Legault: «il n'y a pas d'islamophobie», donc pas de journée contre l'islamophobie

En conférence de presse à la fin d'une réunion de deux jours de ses députés à Gatineau, M. Legault a d'abord vanté l'approche prudente de sa vice-première-ministre, mais n'a pas mis de temps à clore le débat.

GATINEAU — Il n'y a pas d'islamophobie au Québec, a assuré jeudi le premier ministre François Legault, qui ferme la porte ouverte par sa vice-première ministre Geneviève Guilbault en faveur d'une journée nationale contre l'islamophobie.


Mme Guilbault avait manifesté en début de semaine son ouverture dans la foulée de la commémoration de la tuerie de la mosquée de Québec, survenue précisément il y a deux ans.

En conférence de presse à la fin d'une réunion de deux jours de ses députés à Gatineau, M. Legault a d'abord vanté l'approche prudente de sa vice-première-ministre, mais n'a pas mis de temps à clore le débat.

«Geneviève (Guilbault) a été prudente en disant qu'on allait regarder ça, on l'a regardé et il n'y en aura pas, c'est clair, là», a dit le premier ministre.

Quant aux motifs qui justifient ce refus, il a été encore une fois laconique. «Bon, écoutez, je ne pense pas qu'il y a de l'islamophobie au Québec», a-t-il tranché.

Après la conférence de presse, un attaché de presse du gouvernement, Ewan Sauves, s'est rendu à la hâte dans la salle des médias pour préciser que «le premier ministre voulait dire: il n'y a pas de courant d'islamophobie au Québec».

Cela demeure un enjeu délicat au Québec depuis les tout débuts du débat sur les accommodements raisonnables en 2007, suivi des diverses tentatives des gouvernements successifs, du Parti libéral, du Parti québécois et désormais de la CAQ, de légiférer sur la question de la laïcité et du port des signes religieux.
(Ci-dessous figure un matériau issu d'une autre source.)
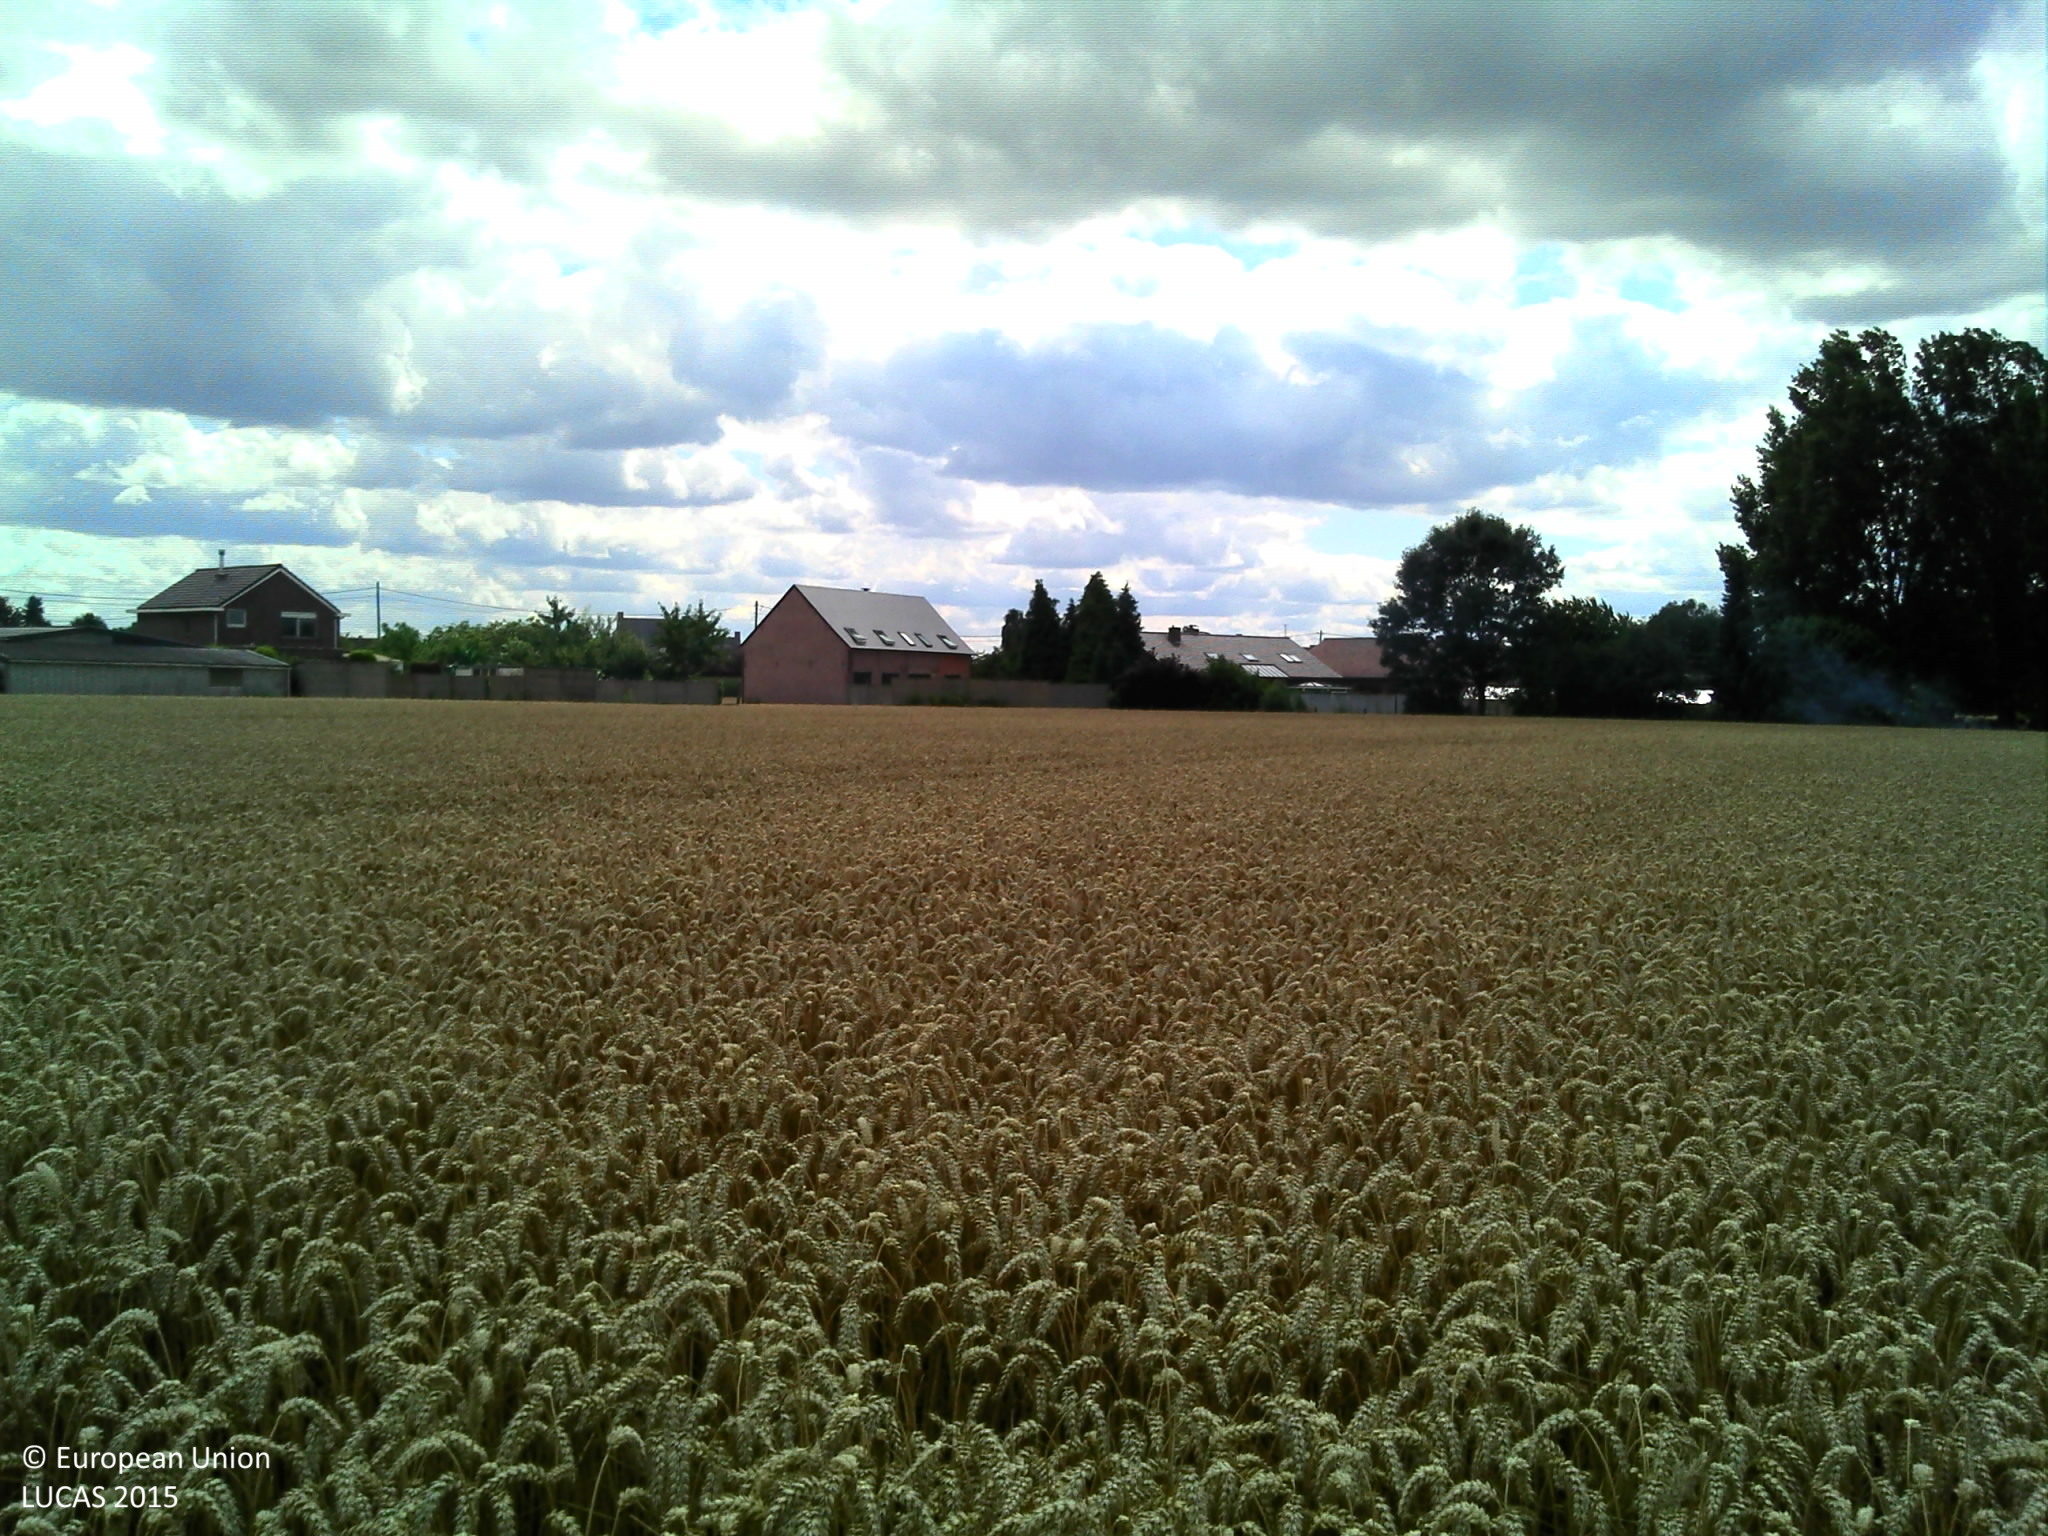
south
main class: Cropland
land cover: Common wheat
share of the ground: > 75 %
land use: Agriculture (excluding fallow land and kitchen gardens)
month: July
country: BE
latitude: 51.0210
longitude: 4.4214
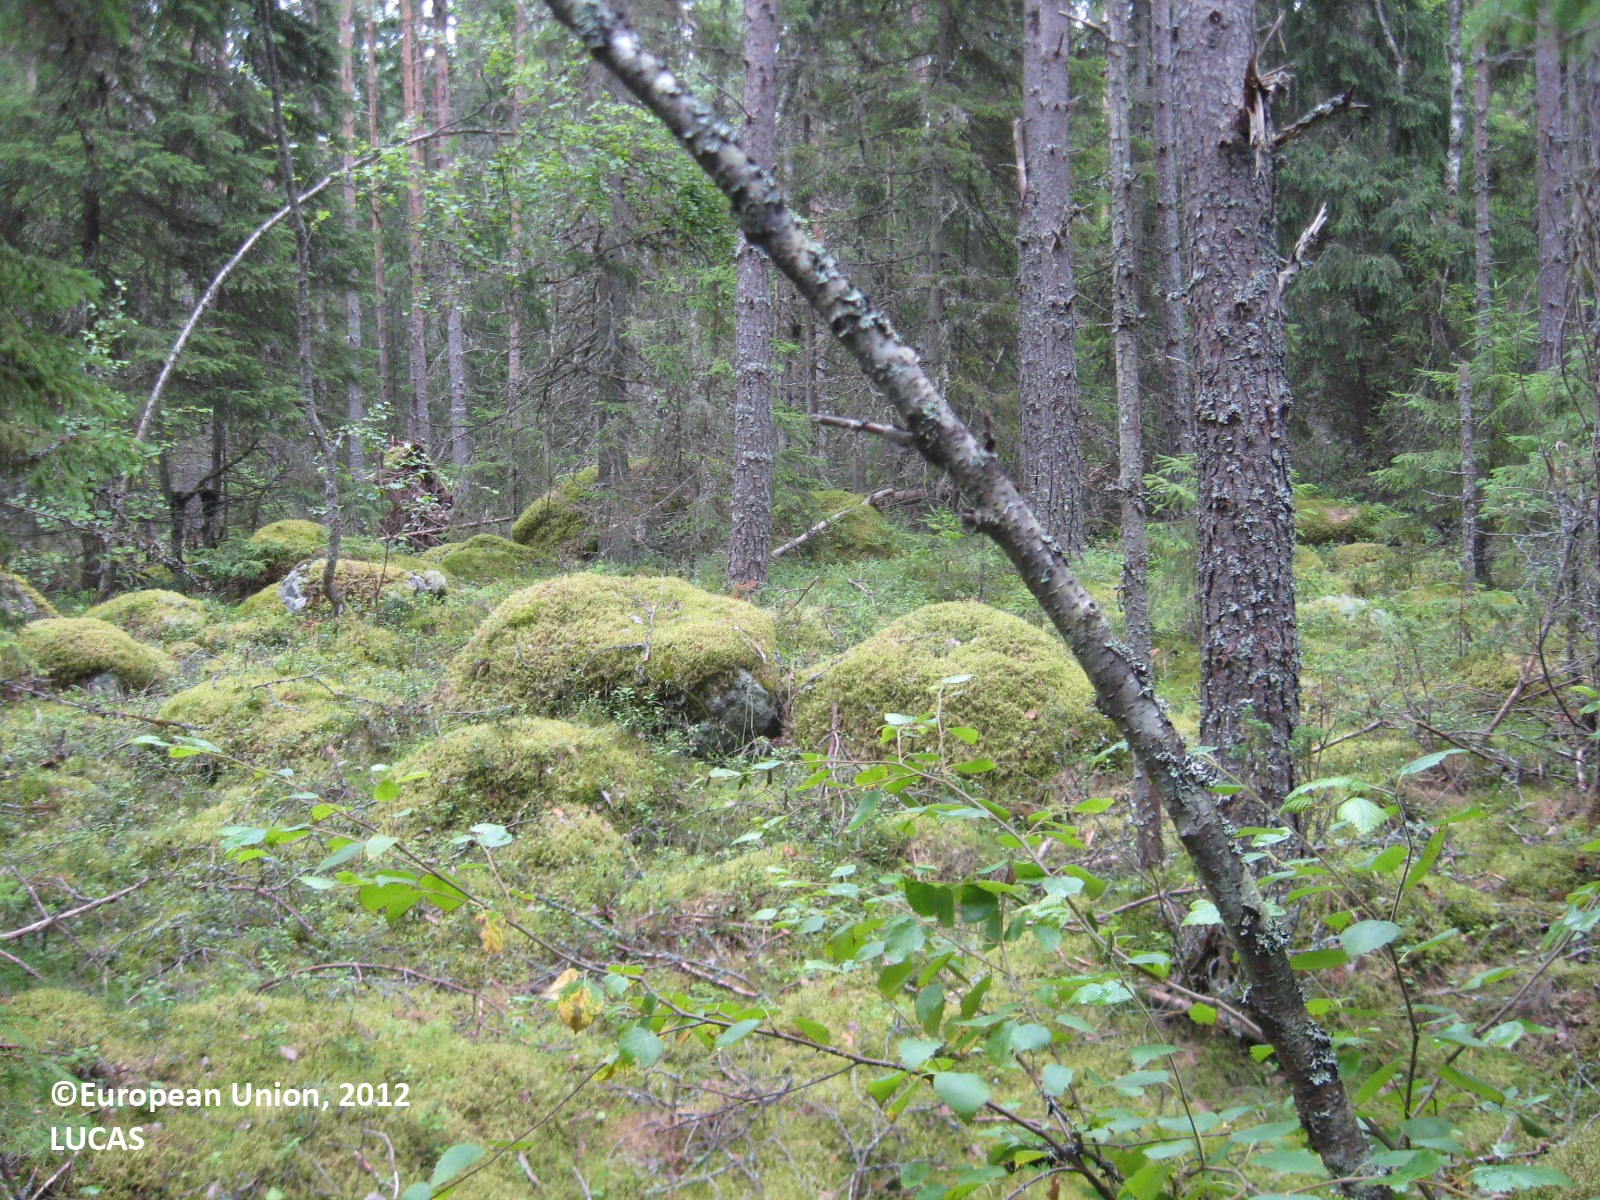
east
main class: Woodland
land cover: Other coniferous woodland
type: boreal forest
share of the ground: > 75 %
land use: Forestry
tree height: > 5 m
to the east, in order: Other coniferous woodland; Ditches and canals; Spruce dominated coniferous woodland
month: July
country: FI
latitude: 61.8741
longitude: 21.5528

L'interdiction éventuelle du port des signes religieux par les représentants de l'État en position d'autorité, que prône la CAQ, se trouverait à toucher par exemple des musulmanes qui souhaitent porter le voile ou le foulard.

À Ottawa, le comité parlementaire du Patrimoine avait recommandé il y a près d'un an au gouvernement fédéral de décréter le 29 janvier «Journée nationale de commémoration et d'activités concernant l'islamophobie et toute autre forme de discrimination religieuse».

L'idée avait été avancée par le Conseil national des musulmans canadiens qui avait écrit au premier ministre et avait été soumise au comité après l'adoption en Chambre de la motion M-103.

Les élus conservateurs, minoritaires au comité, avaient signé un rapport dissident où ils soulevaient certains problèmes tels que la définition du terme islamophobie et l'allégation non fondée, selon eux, qu'un climat de haine et de peur était en train de s'installer dans la population.

Il y a deux ans jour pour jour, six personnes avaient été tuées et 19 autres avaient été blessées lorsqu'Alexandre Bissonnette avait fait irruption dans leur lieu de culte le 29 janvier 2017. Bissonnette est en attente de sa peine. Il a plaidé coupable à six chefs d'accusation de meurtre prémédité et six autres de tentative de meurtre avec une arme à feu à autorisation restreinte.

Rappelons que de son côté, le maire de Toronto, John Tory, a désigné le 29 janvier jour de mémoire et d'action contre l'islamophobie dans sa ville.